* Exercise
Leave out each picture. Repeat everything else in the records exactly.

________________

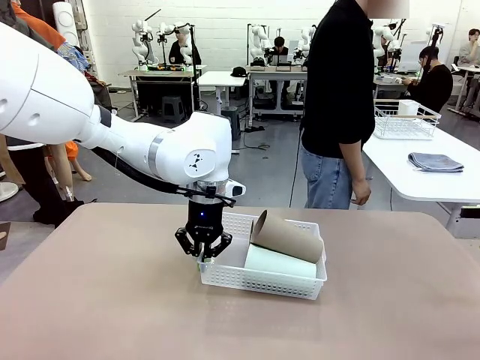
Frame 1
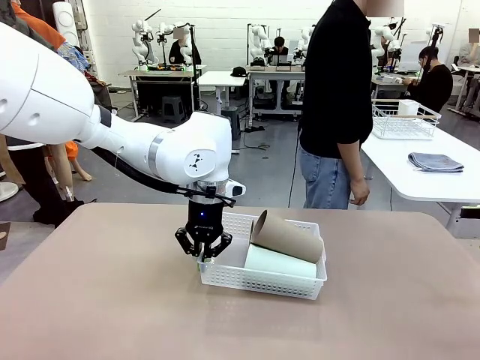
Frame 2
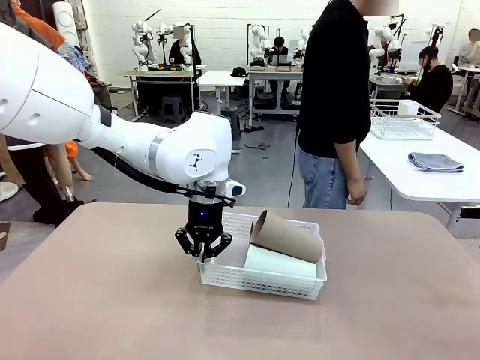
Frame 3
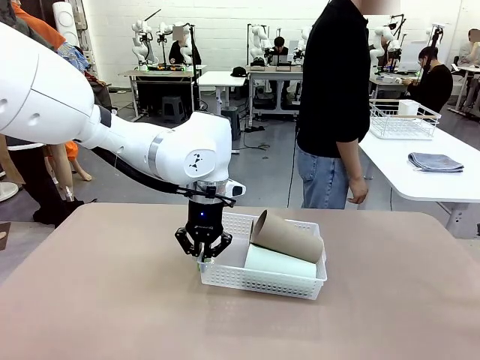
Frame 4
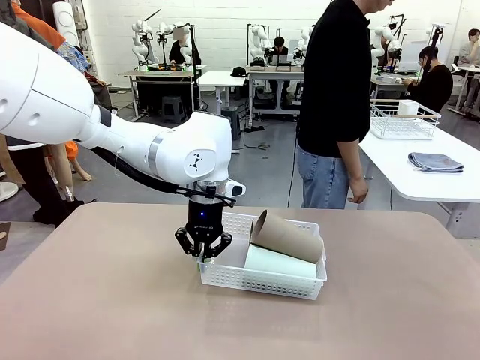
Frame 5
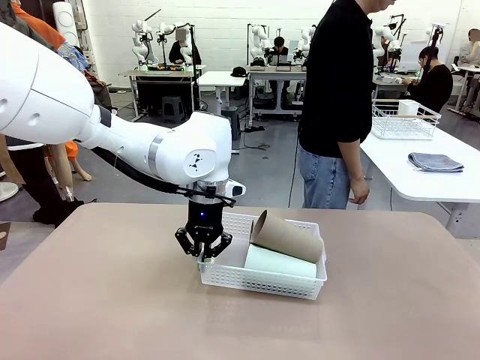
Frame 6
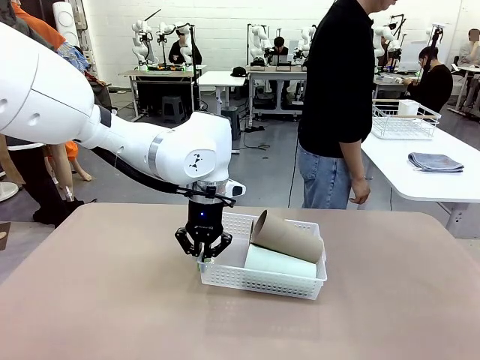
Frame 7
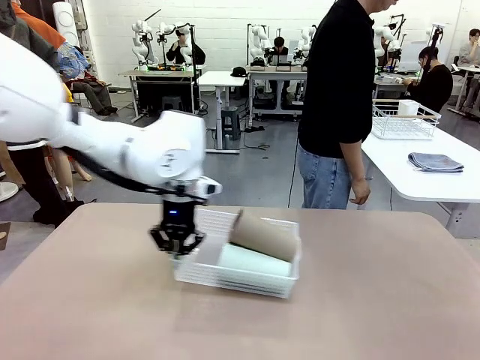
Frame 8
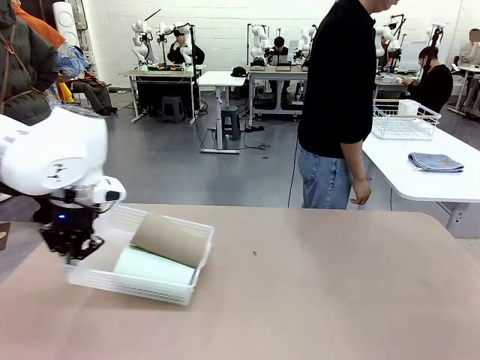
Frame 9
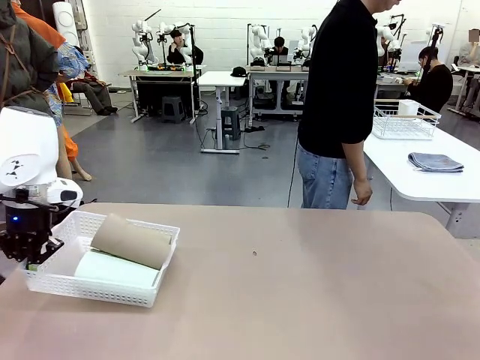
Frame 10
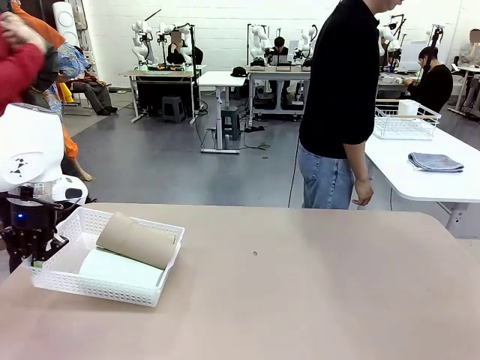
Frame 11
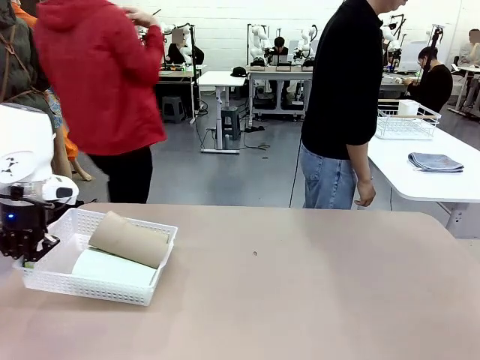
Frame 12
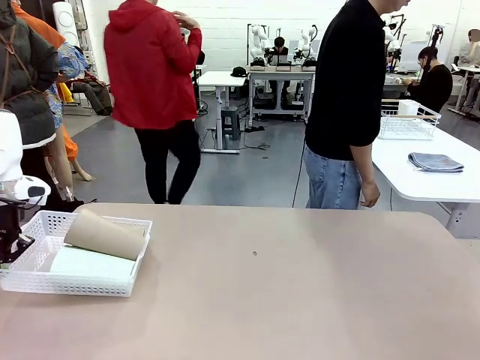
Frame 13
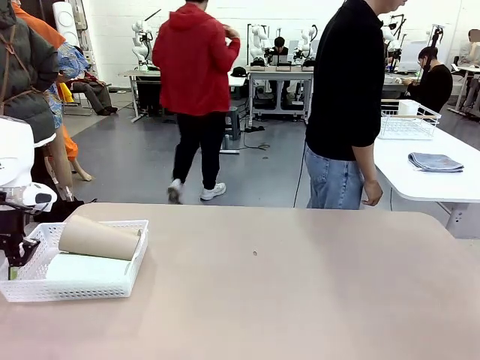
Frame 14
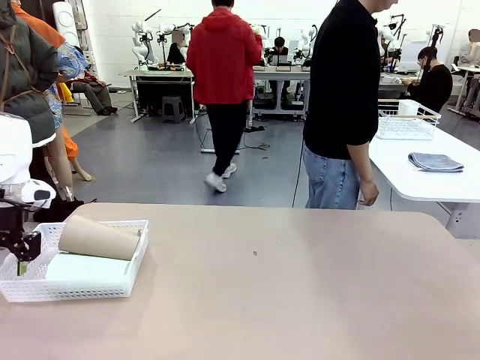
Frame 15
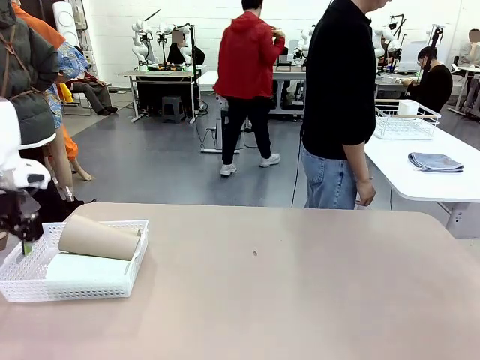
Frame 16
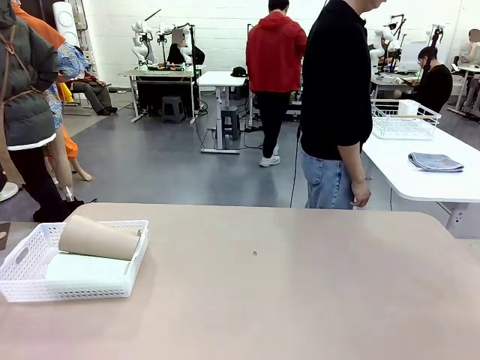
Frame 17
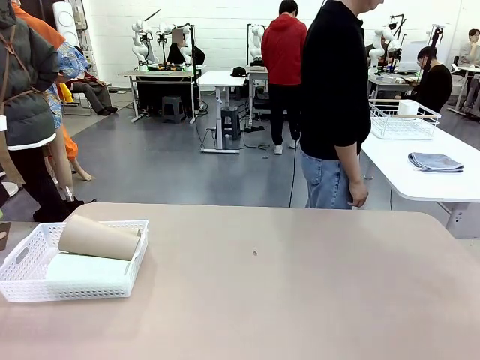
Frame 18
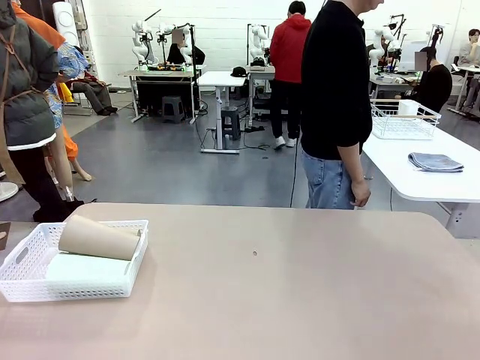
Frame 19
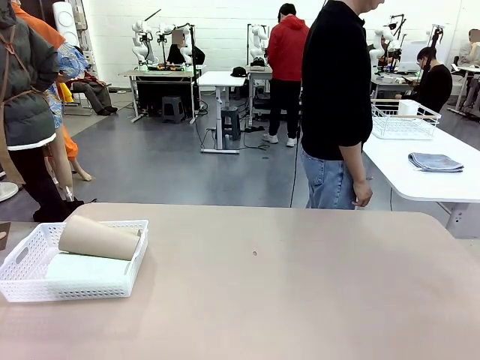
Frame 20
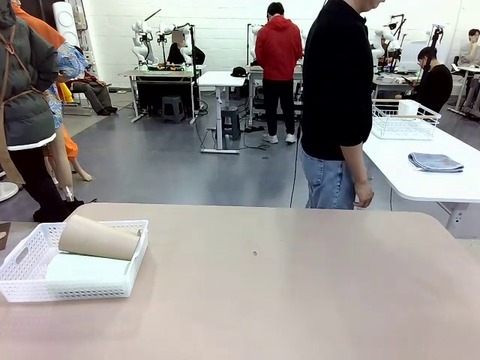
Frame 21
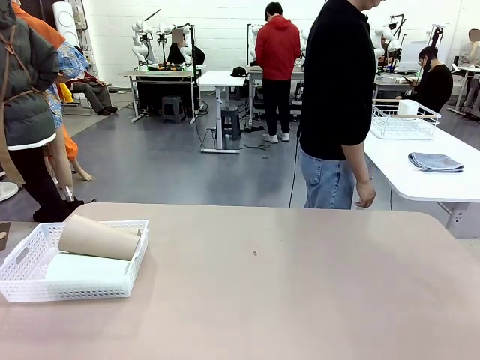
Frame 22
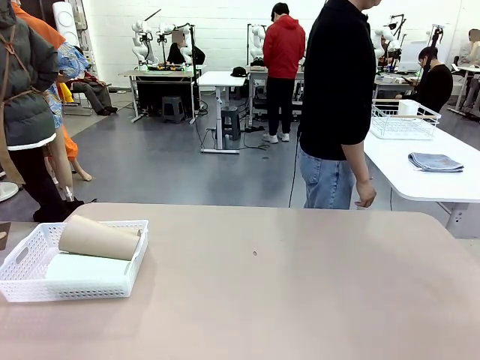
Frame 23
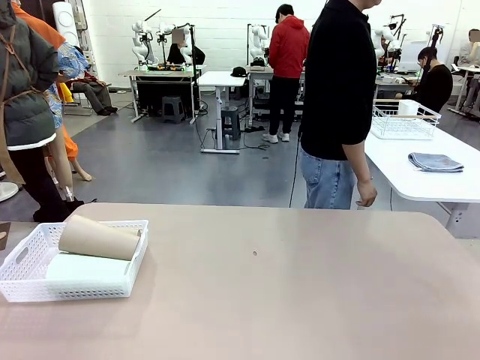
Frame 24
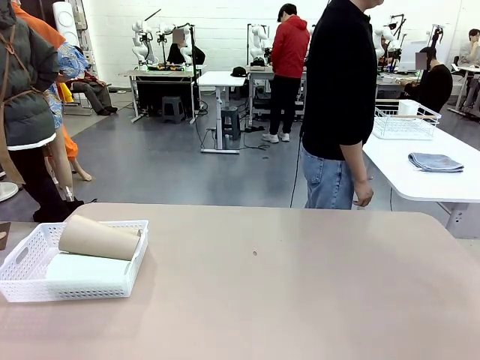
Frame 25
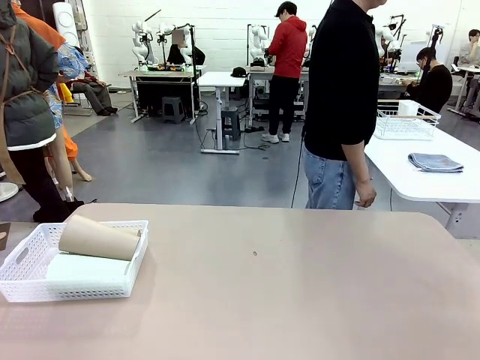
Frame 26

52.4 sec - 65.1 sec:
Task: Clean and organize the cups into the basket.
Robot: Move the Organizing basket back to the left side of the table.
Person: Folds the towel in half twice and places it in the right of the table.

________________

* Exercise result
Frame 1
Frame 2
Frame 3
Frame 4
Frame 5
Frame 6
Frame 7
Frame 8
Frame 9
Frame 10
Frame 11
Frame 12
Frame 13
Frame 14
Frame 15
Frame 16
Frame 17
Frame 18
Frame 19
Frame 20
Frame 21
Frame 22
Frame 23
Frame 24
Frame 25
Frame 26

52.4 sec - 65.1 sec:
Task: Clean and organize the cups into the basket.
Robot: Move the Organizing basket back to the left side of the table.
Person: Folds the towel in half twice and places it in the right of the table.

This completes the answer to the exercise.